«Niente di grave», un racconto di malasanità italiana

Niente di grave
Pompilio Turtoro
Imprimatur – 2017 – 12 euro

«Era tutto sotto gli occhi dei medici, fin dal primo giorno in cui abbiamo messo piede al pronto soccorso. Possibile che non ci sia stato un solo dottore attento? Nessuno di loro ha notato tutti questi sintomi?», così si può riassumere Niente di grave, il primo racconto di Pompilio Turtoro, classe 1975, conosciuto perché autore di molte canzoni dei Nomadi dal 1998. Un caso di malasanità in un ospedale del profondo Sud diventa un dramma familiare: un figlio racconta l’agonia della propria madre, che si vede più volte respinta dai medici del pronto soccorso perché, secondo loro, affetta da una semplice bronchite. I sintomi però sono chiari fin dal primo accesso: tosse violenta, paralisi agli arti inferiori, impossibilità a deglutire. La verità è che la donna ha la sindrome di Guillain-Barré, una patologia rara che, se presa in tempo, può comunque essere curata.
Saranno i figli, e i familiari, ad accorgersi dei rapidi peggioramenti della donna, e a insistere perché venga ricoverata. Ma sarà troppo tardi. Tutto è nato da una telefonata: «Siamo in ospedale, abbiamo portato mamma al pronto soccorso perché quella tosse non cessava». Ma sin da subito, con un medico solo per un centinaio di pazienti al giorno, il malfunzionamento della sanità è evidente. Dall’attesa lunghissima alla prima diagnosi sbrigativa, è un’escalation di errori di cui sembrano accorgersi solo i familiari della donna.

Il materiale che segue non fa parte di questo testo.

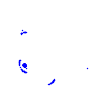
Particle: electron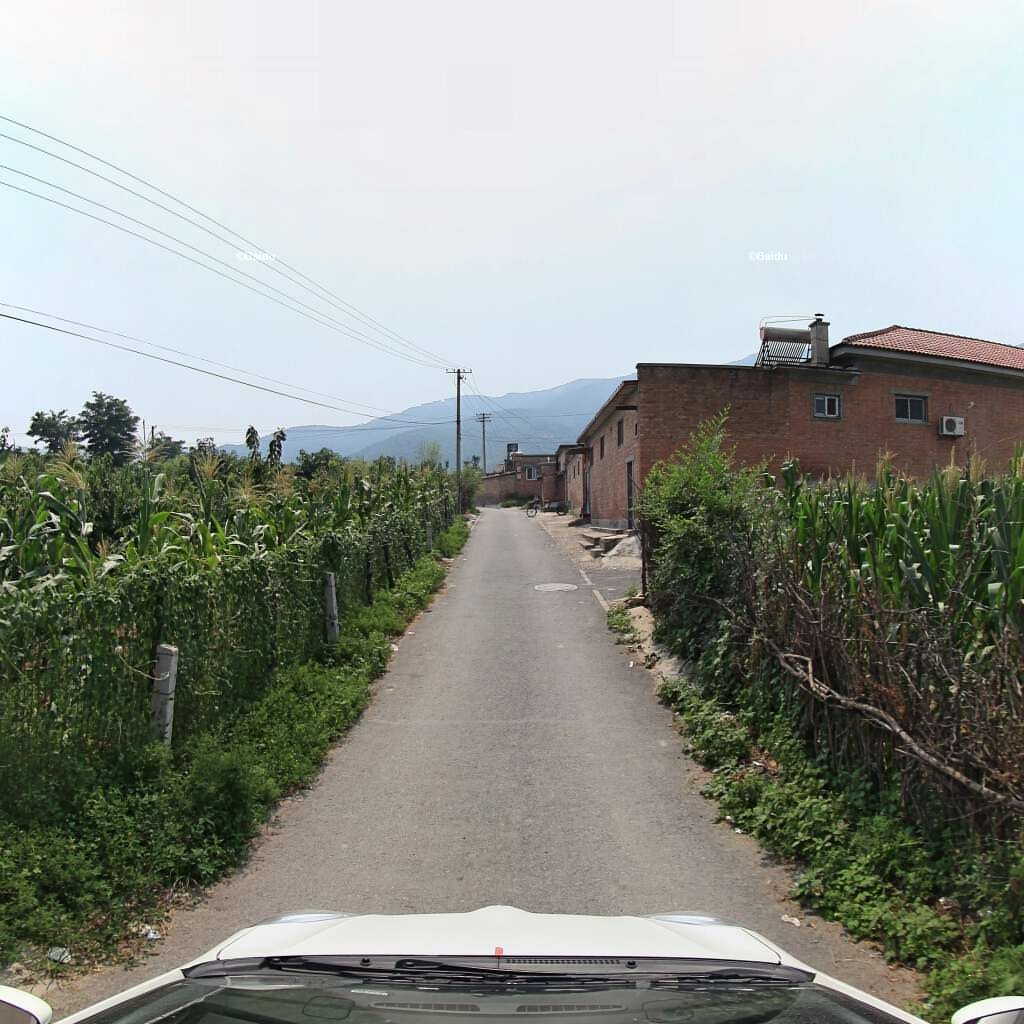
Region: Haidian
Road damage annotations: transverse patch, manhole cover
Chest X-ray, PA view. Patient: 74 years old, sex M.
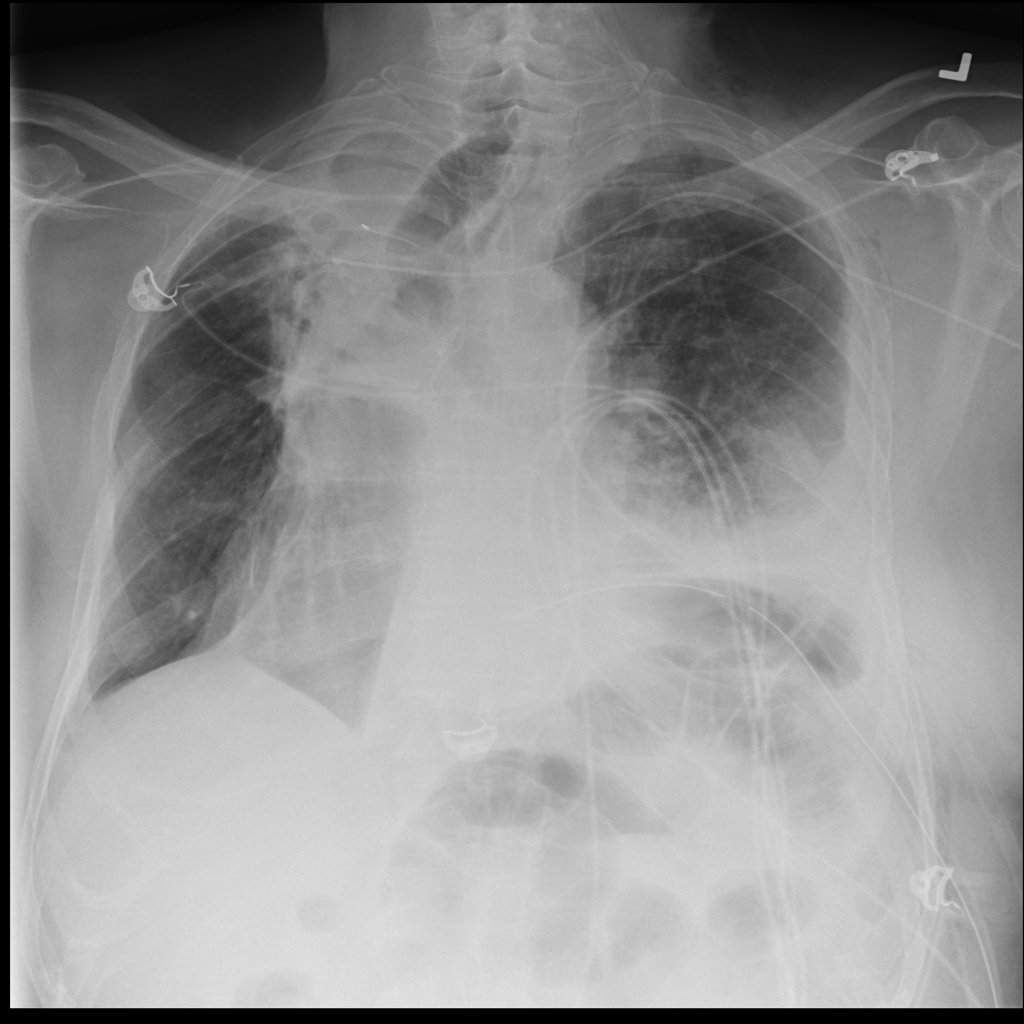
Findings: Infiltration, Pleural_Thickening

In fondo non è «niente di grave», continuano ad affermare i medici, mentre è evidente che c’è qualcosa che non va, che non è una semplice bronchite. I familiari si sentono completamente esclusi dalla diagnosi, la loro testimonianza non viene ascoltata e ogni loro parola sembra essere messa a tacere da delle lauree in medicina. Un dramma familiare che continua a crescere e a ingigantirsi, fino a trasformarsi in tragedia: a forza di «non è niente di grave», la gravità aumenta e il tempo a disposizione diventa sempre meno. Una lotta contro il tempo in cui si ha il preludio di una sconfitta, ma in fondo forse anche il fatto che una donna rischi la vita «non è niente di grave».